Star Trek, Darkover, Thunderbirds, and Fan Fiction: An Interview With Joan Marie Verba (Part One)
/When Joan Marie Verba's book, Boldly Writting: A Trekker Fan and Zine History, 1967-1987, first appeared, I wrote the following blurb:
This book pulls together an incredible amount of information about the history of fandom and does a major service for anyone who either wants to relive those exciting years or to better understand how Star Trek emerged as such a national and international phenomenon. I'll give you a clue. If Star Trek lives, it is because of what early fans like Verba made of it. I strongly recommend this book to anyone interested in fandom (which increasingly means anyone interested in popular culture).
Verba is one of the foremothers of modern media fandom, helping to model a new identity -- the fans as archivist and chronicler. We've seen other such fan projects emerge in more recent years, especially on the web, but because Star Trek was in some ways the ur-fandom, the template from which other fandoms have been modeled, this book continues to hold a special place on my bookshelf -- and indeed, I see it on the shelves of many aca-fen around the world.
Like many fans before her, Verba has found ways to transform her passions into her profession, increasingly publishing as a science writer and now, as the author of a series of professional novels focused around Gerry Anderson's Thunderbirds. Today, I am offering an interview with Verba. In today's installment, she discusses her early involvement in Star Trek and Darkover fandom. Next time, we will get into her more recent work helping to sustain fan interest in Thunderbirds, another series of the 1960s that refuses to die.
Your book, Boldly Writing, has become an irreplaceable chronicle of the early history of Star Trek fan fiction writing. Can you give us some sense of your own involvement with fandom in those early years?

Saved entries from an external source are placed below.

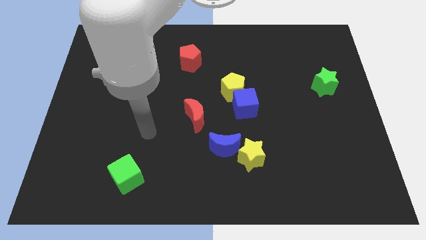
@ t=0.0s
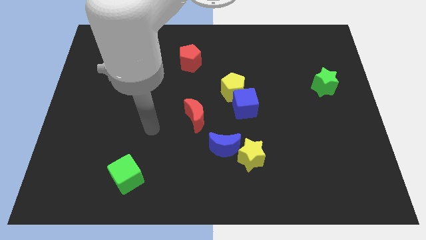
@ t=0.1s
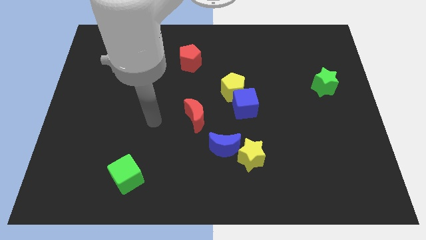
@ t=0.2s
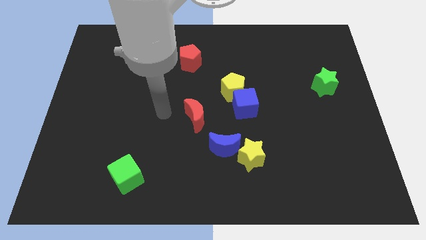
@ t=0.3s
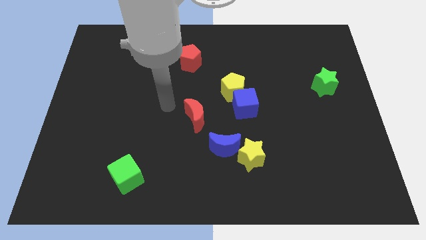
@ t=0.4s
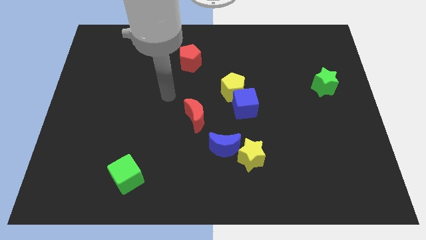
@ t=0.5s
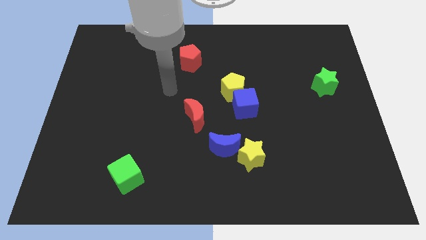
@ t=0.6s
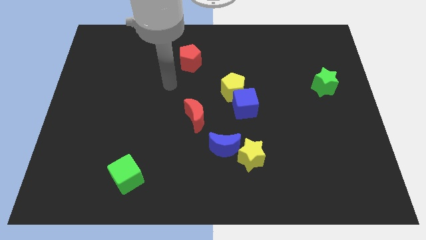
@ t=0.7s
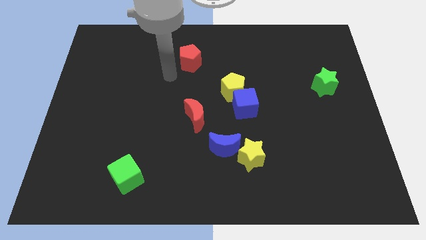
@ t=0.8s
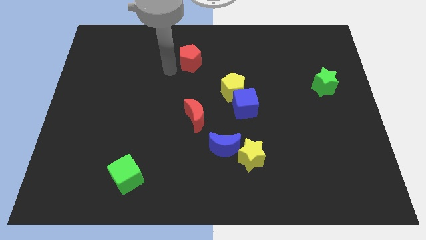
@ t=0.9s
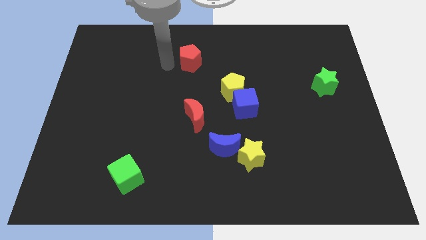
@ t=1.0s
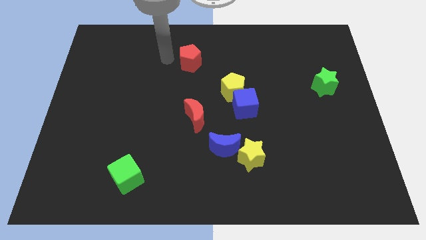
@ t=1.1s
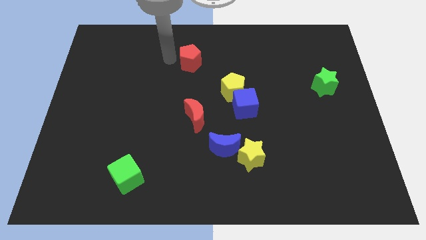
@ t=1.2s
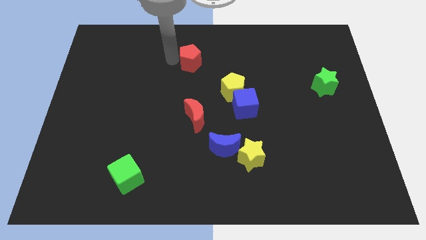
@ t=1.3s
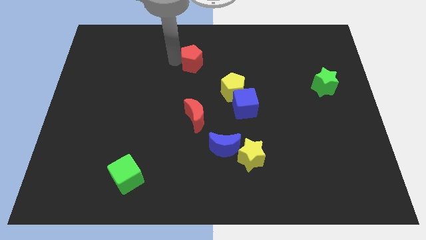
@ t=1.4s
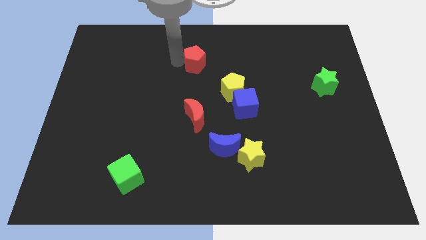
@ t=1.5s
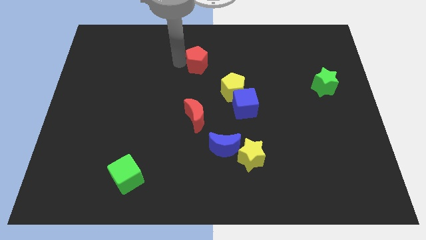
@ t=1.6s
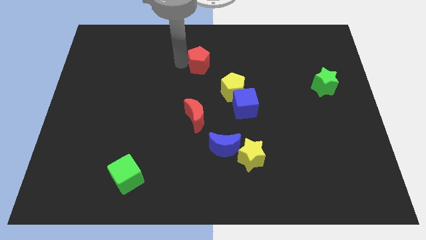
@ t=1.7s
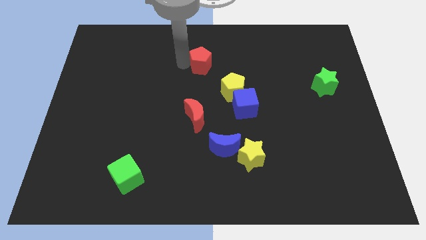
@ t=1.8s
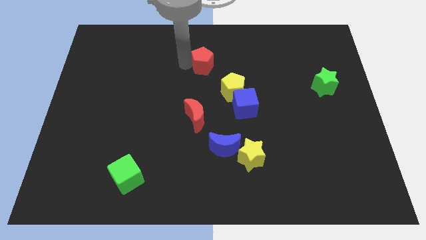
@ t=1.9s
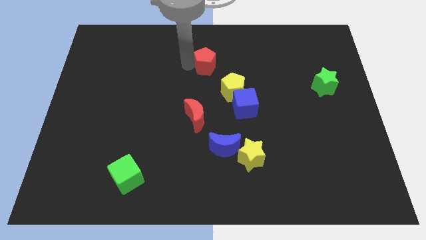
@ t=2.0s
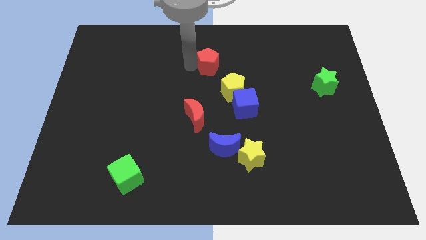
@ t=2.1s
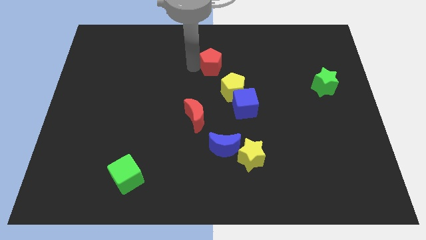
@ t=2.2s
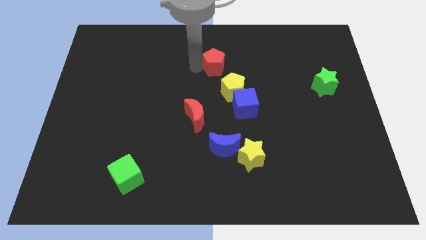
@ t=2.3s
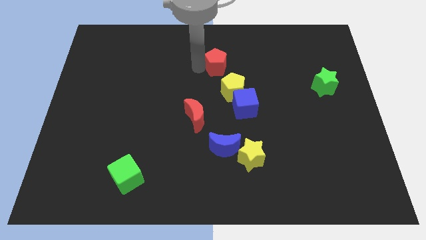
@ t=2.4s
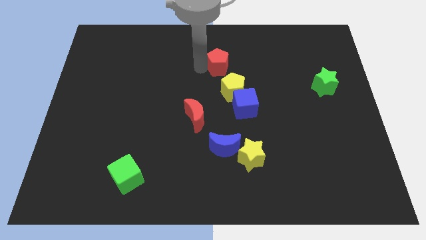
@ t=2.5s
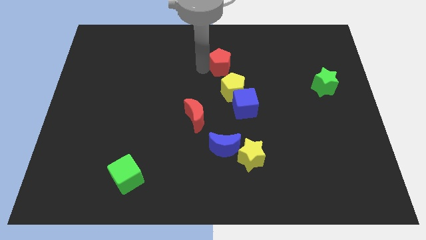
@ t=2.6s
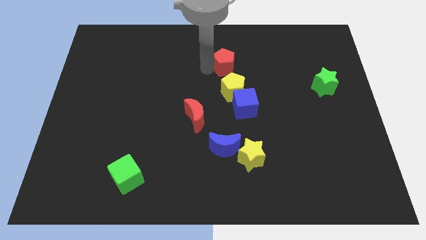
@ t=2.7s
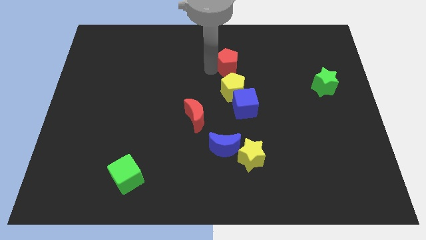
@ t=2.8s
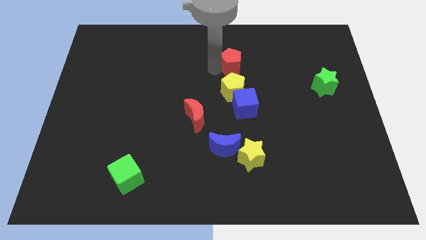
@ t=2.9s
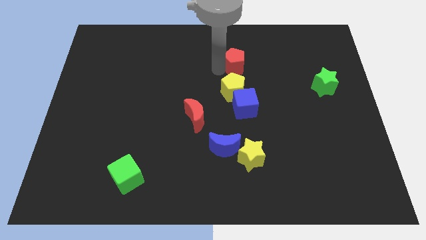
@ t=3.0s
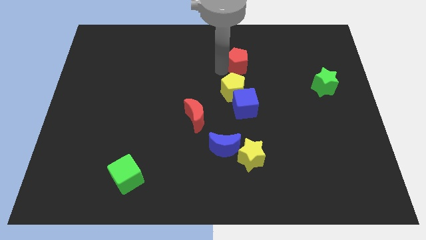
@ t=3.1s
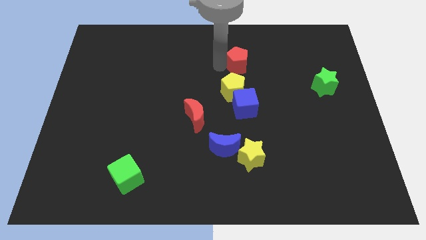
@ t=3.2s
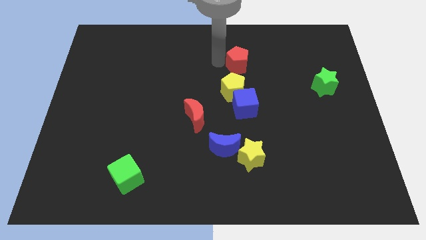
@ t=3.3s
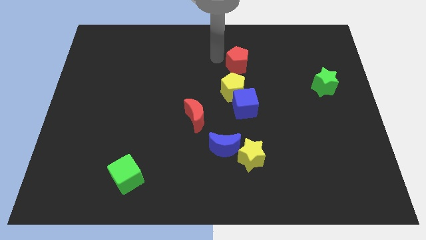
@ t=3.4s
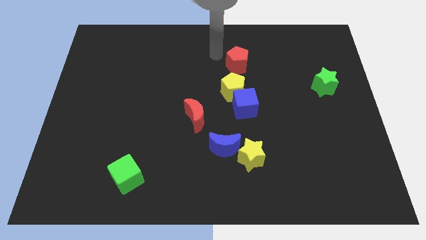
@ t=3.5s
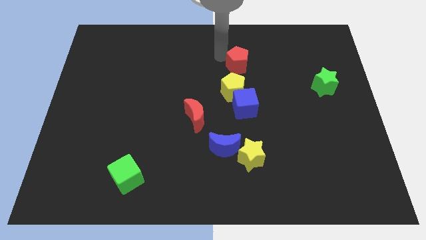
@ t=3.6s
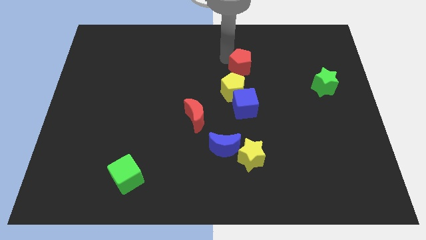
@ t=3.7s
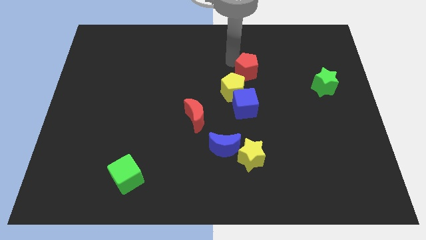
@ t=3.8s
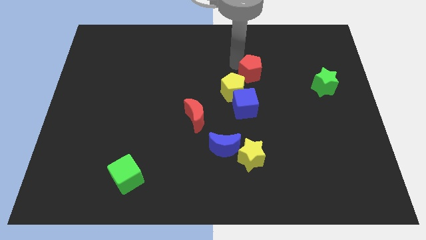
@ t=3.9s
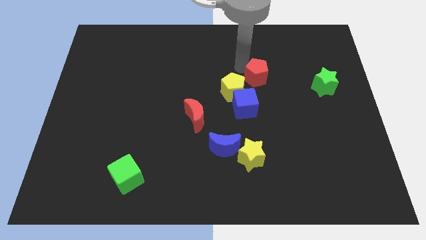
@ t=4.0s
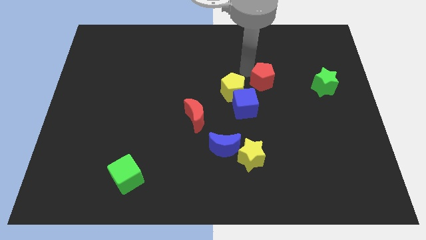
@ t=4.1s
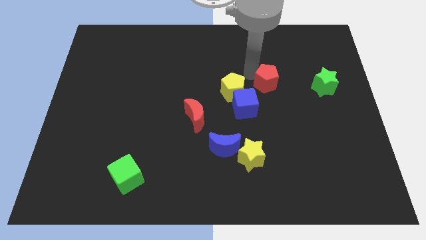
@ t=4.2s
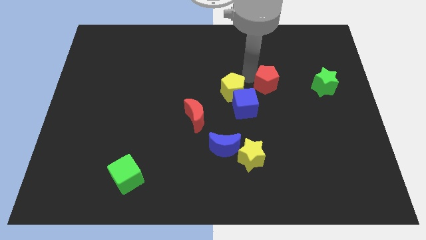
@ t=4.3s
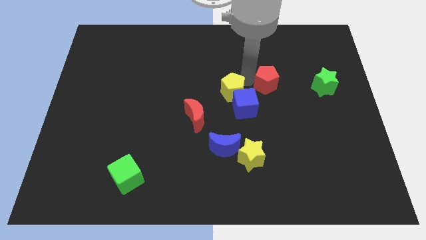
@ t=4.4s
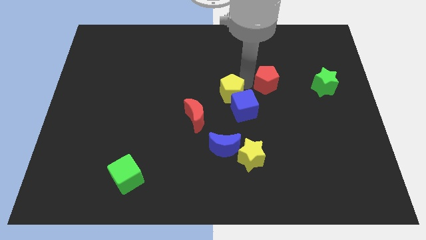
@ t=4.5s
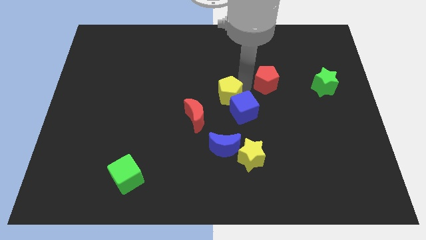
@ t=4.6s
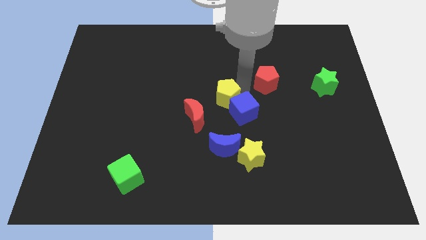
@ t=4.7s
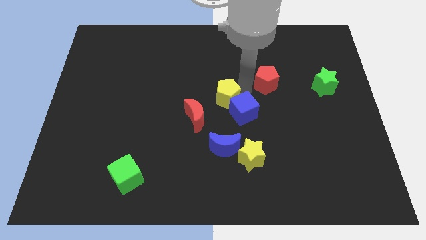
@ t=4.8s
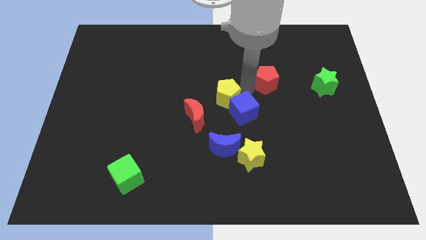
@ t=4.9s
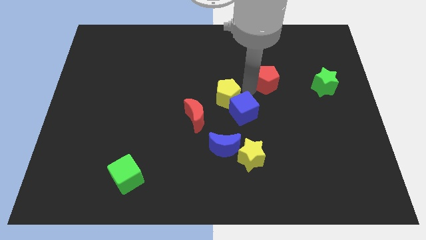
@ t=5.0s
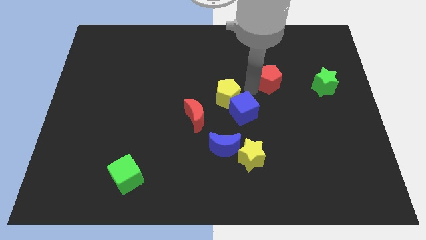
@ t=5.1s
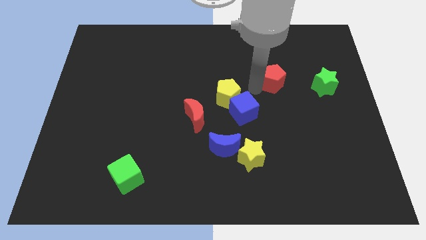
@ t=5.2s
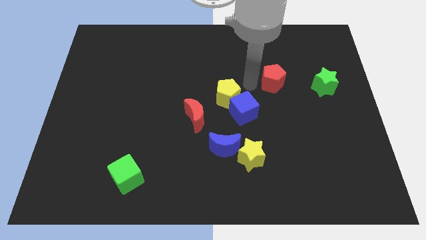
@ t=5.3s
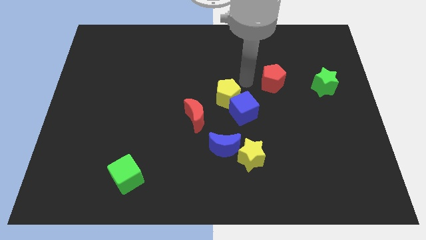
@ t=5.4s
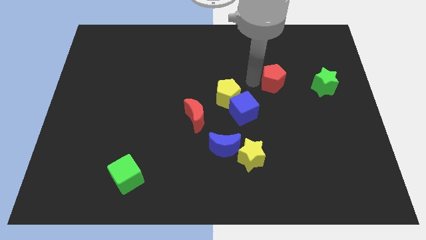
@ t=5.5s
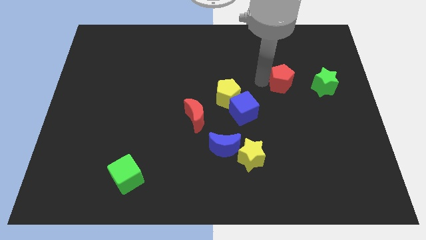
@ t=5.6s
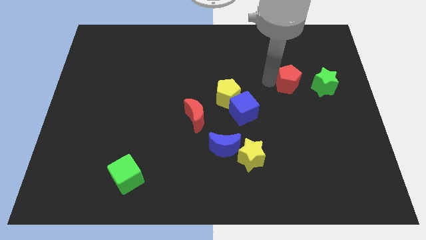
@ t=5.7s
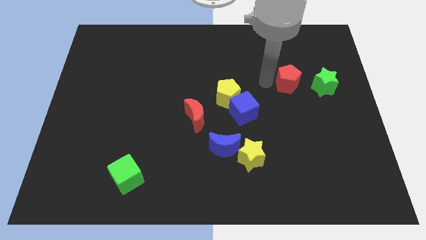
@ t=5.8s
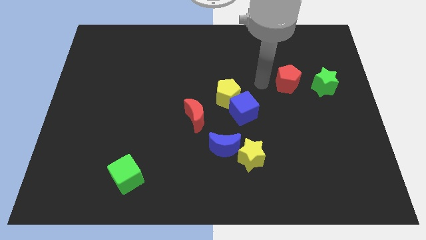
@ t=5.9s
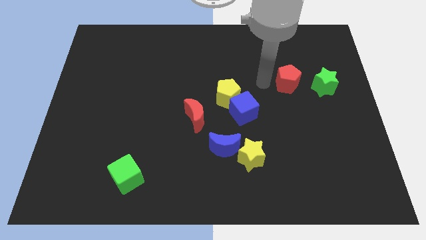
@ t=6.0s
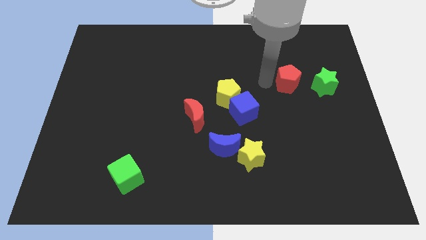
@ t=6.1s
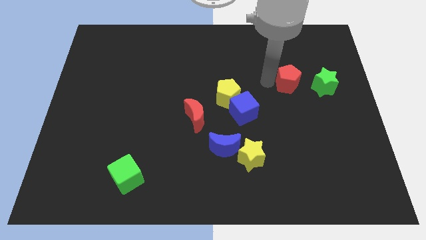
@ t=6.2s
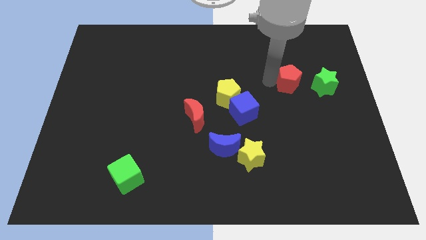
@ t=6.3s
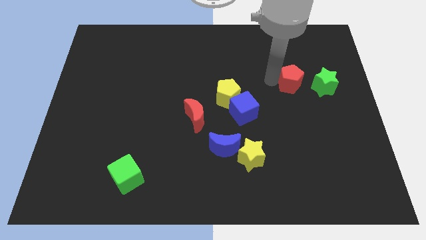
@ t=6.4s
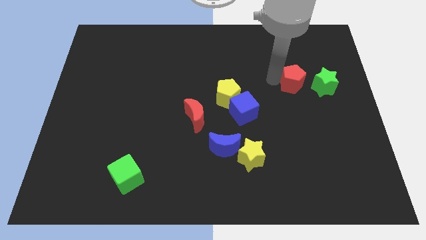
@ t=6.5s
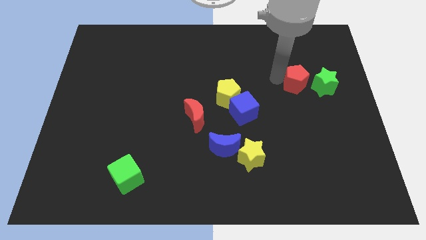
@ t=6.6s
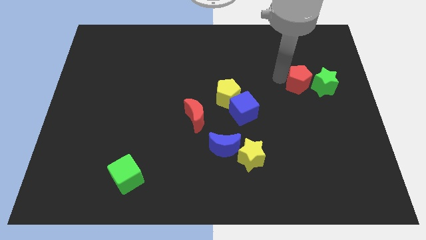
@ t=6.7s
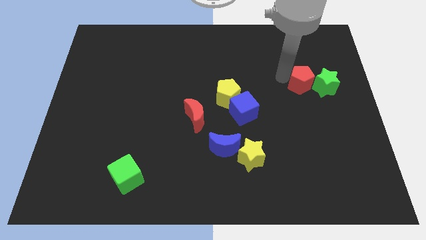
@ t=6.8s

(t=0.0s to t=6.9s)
put the red pentagon towards the green star

I have watched Star Trek since it premiered in 1966. I learned about Star Trek fandom when I was a junior in high school, at a district-wide speech competition. During one of the breaks, one of the other participants, Anthony Tollin, was talking about the World Science Fiction Convention, which got my attention. He also spoke about Star Trek, and told me that a local fan, Ruth Berman, published a Star Trek fanzine. He gave me her phone number, and I called for information. That's how I got started. Her fanzine had notices about other fanzines. I ordered them, and they had notices for still more fanzines. I ordered them. And so on.

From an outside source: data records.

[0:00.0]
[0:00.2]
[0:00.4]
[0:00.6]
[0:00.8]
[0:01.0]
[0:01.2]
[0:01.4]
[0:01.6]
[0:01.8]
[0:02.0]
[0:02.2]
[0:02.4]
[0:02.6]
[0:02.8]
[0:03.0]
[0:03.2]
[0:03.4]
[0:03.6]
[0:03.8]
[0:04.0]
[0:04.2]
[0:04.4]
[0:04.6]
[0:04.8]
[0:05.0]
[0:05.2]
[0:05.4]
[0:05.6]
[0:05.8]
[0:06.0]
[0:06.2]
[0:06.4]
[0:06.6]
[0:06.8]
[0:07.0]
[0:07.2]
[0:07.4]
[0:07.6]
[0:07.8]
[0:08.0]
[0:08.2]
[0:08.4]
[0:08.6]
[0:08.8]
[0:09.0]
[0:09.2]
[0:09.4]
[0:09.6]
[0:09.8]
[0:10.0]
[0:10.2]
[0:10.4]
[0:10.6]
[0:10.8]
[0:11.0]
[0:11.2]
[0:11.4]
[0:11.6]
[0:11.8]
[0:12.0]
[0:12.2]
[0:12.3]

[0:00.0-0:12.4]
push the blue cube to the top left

In 1972, when I was in college, I went to my first convention, the Detroit Triple Fan Fair. Gene Roddenberry and Majel Barrett were there. (I encountered them alone in an elevator and got their autographs.) In 1973, I joined the Minnesota Science Fiction Society, and Helen Young invited me to join the Star Trek Welcommittee. (I remained in STW until it disbanded in the mid-1990s.) I went to my first World Science Fiction Convention in 1975, and joined the Mythopoeic Society in that year, as well.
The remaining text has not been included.